Le Rapport national sur le développement humain 2006 intitulé « Gestion de l’environnement pour un développement humain durable » publié aujourd’hui même émet une série de recommandations qui aideront le Gouvernement Malien et tous les acteurs du développement à mener des actions visant à renverser les tendances actuelles.

Fruit de la coopération entre le PNUD et le Gouvernement du Mali à travers l’Observatoire du Développement Humain Durable et de la Lutte contre la Pauvreté au Mali (ODHD/LCPM), le présent Rapport national sur le développement est le résultat des travaux d’une équipe d’experts environnementaux maliens.

En matière d’environnement le constat est alarmant au Mali : raréfaction des ressources agro-sylvo-pastorales, avancée du désert, surtout dans les zones du Nord, disparition de nombreux habitats naturels et d’espèces sauvages, abandon de 7 à 15% des terres pour raison d’infertilité, disparition de plus de 100.000 ha de forêts par an. En plus de cela, il convient de noter une forte concurrence entre les activités agricoles et pastorales qui entraîne souvent des affrontements entre agriculteurs et éleveurs. La pollution des eaux et des sols est également inquiétante.

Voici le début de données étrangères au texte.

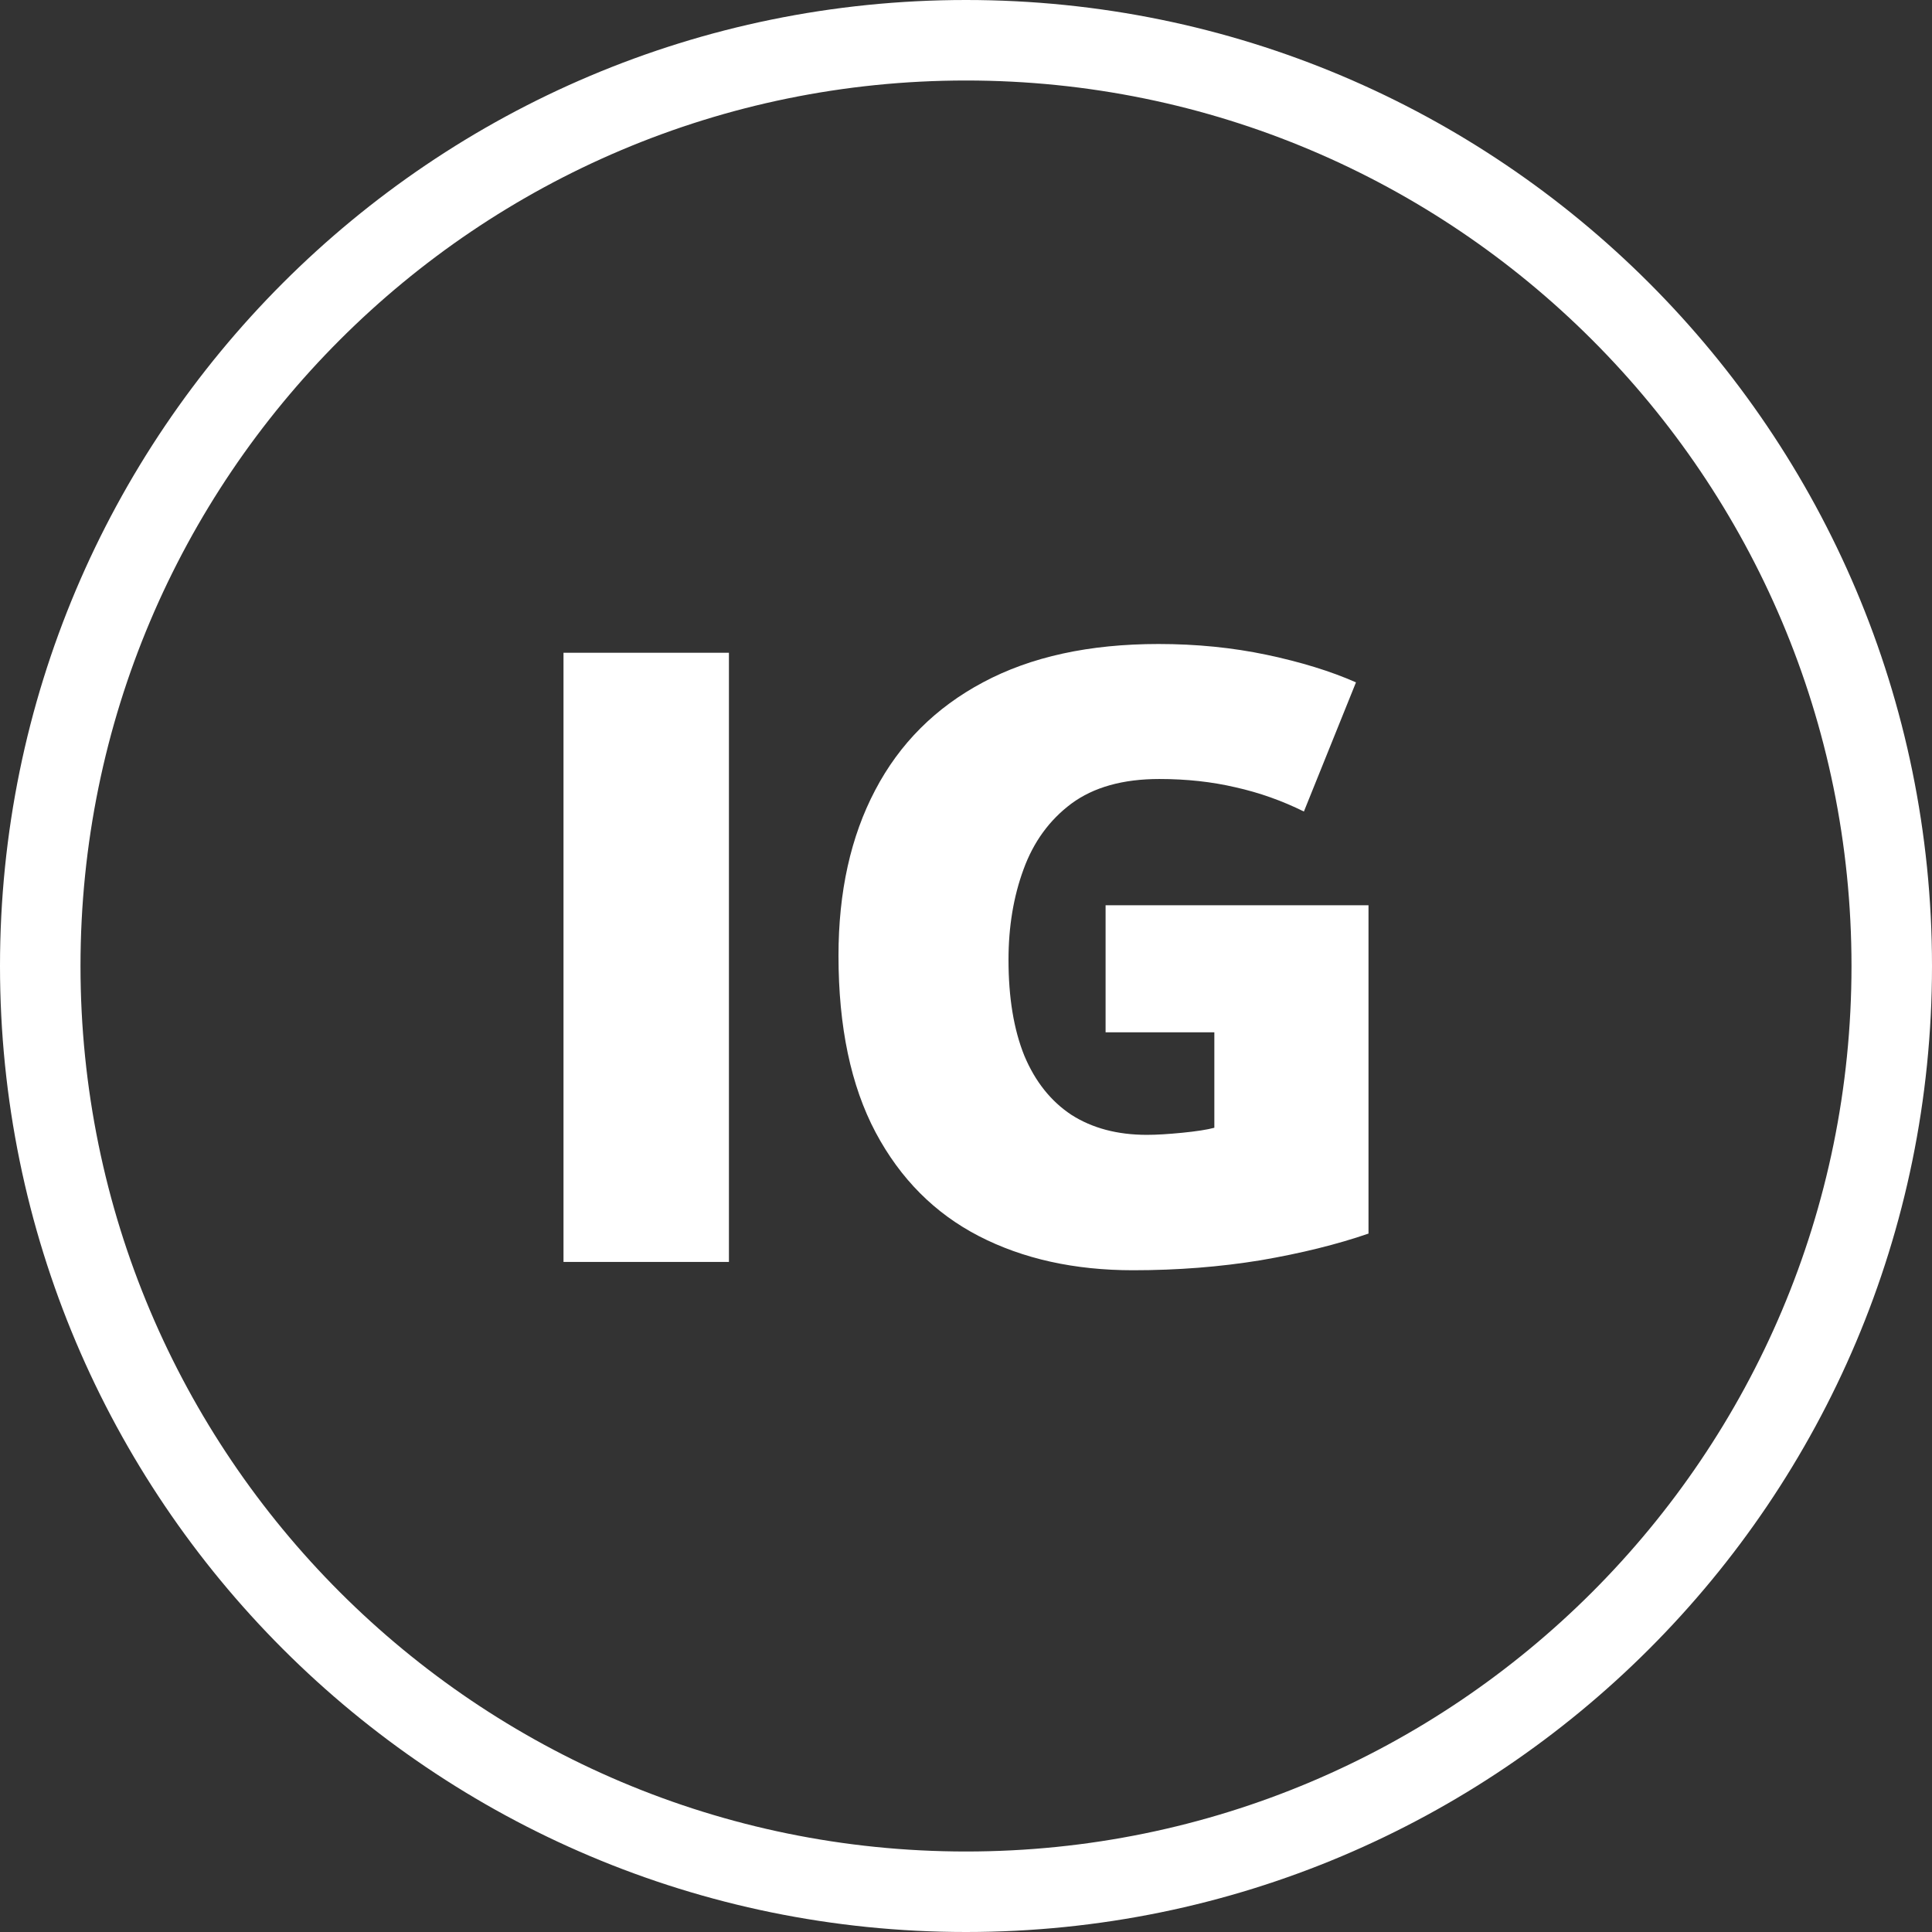 <svg width="48" height="48" viewBox="0 0 48 48" fill="none" xmlns="http://www.w3.org/2000/svg"><rect x="0" y="0" width="48" height="48" fill="#333333" stroke="none"/><path fill-rule="evenodd" clip-rule="evenodd" d="M34 22.491H27.468V25.648h2.702v2.371C29.99 28.067 29.725 28.108 29.373 28.143 29.028 28.177 28.734 28.195 28.493 28.195 27.761 28.195 27.137 28.029 26.619 27.698 26.108 27.36 25.718 26.87 25.449 26.228 25.187 25.579 25.056 24.785 25.056 23.847 25.056 23.026 25.18 22.277 25.429 21.6 25.677 20.917 26.074 20.372 26.619 19.965 27.171 19.558 27.899 19.354 28.803 19.354 29.48 19.354 30.111 19.423 30.698 19.561 31.284 19.692 31.85 19.892 32.395 20.162l1.294-3.209C33.062 16.676 32.323 16.449 31.474 16.269 30.625 16.09 29.728 16 28.783 16 27.064 16 25.611 16.317 24.424 16.952c-1.18.628-2.074 1.522-2.681 2.681C21.136 20.786 20.832 22.156 20.832 23.743 20.832 25.51 21.139 26.973 21.754 28.133c.614 1.153 1.47 2.012 2.567 2.578C25.418 31.276 26.695 31.559 28.151 31.559 29.255 31.559 30.311 31.476 31.319 31.311 32.327 31.138 33.22 30.917 34 30.648V22.491zM14 16.217V31.352h4.11V16.217H14z" fill="#fff"/><path fill-rule="evenodd" clip-rule="evenodd" d="M24 46c12.15.0 22-9.85 22-22C46 11.85 36.15 2 24 2 11.85 2 2 11.85 2 24s9.85 22 22 22zm0 2c13.255.0 24-10.745 24-24C48 10.745 37.255.0 24 0 10.745.0.0 10.745.0 24S10.745 48 24 48z" fill="#fff"/></svg>

odhd1.jpgM. Djibril Tangara, Ministre du développement Social, de la Solidarité et des Personnes Agées, rappellera que la Constitution du pays stipule dans son préambule que « le peuple souverain du Mali s’engage à assurer l’amélioration de la qualité de la vie, la protection de l’environnement et du patrimoine culturel« . Cette option, a t-il mentionné, est effectivement traduite dans le Cadre Stratégique de Lutte contre la pauvreté (CSLP 2002-2006) dont le troisième axe vise justement à assurer une gestion durable des ressources naturelles et de l’environnement.

« Le thème du présent rapport est hautement d’actualité, car il traite du lien entre la dégradation des écosystèmes et le développement humain durable« , dira M. Djibril Tangara. « Il tente de démontrer la corrélation qui existe entre la dégradation des écosystèmes et les composantes essentielles du développement humain durable telles que le revenu, la santé, l’éducation, le genre, la sécurité alimentaire, la participation à la vie économique et sociale » a ajouté le Ministre.

Le Rapport présenté par M. Zoumana Fofana, Coordonnateur de l’ODHD/LCPM, met l’accent sur l’effet néfaste des activités humaines sur l’environnement et les services liés à celui-ci. Il insiste également sur la douloureuse question de la désertification qui se pose à un pays sahélien comme le Mali et qui conduit au cercle vicieux « désertification-pauvreté« .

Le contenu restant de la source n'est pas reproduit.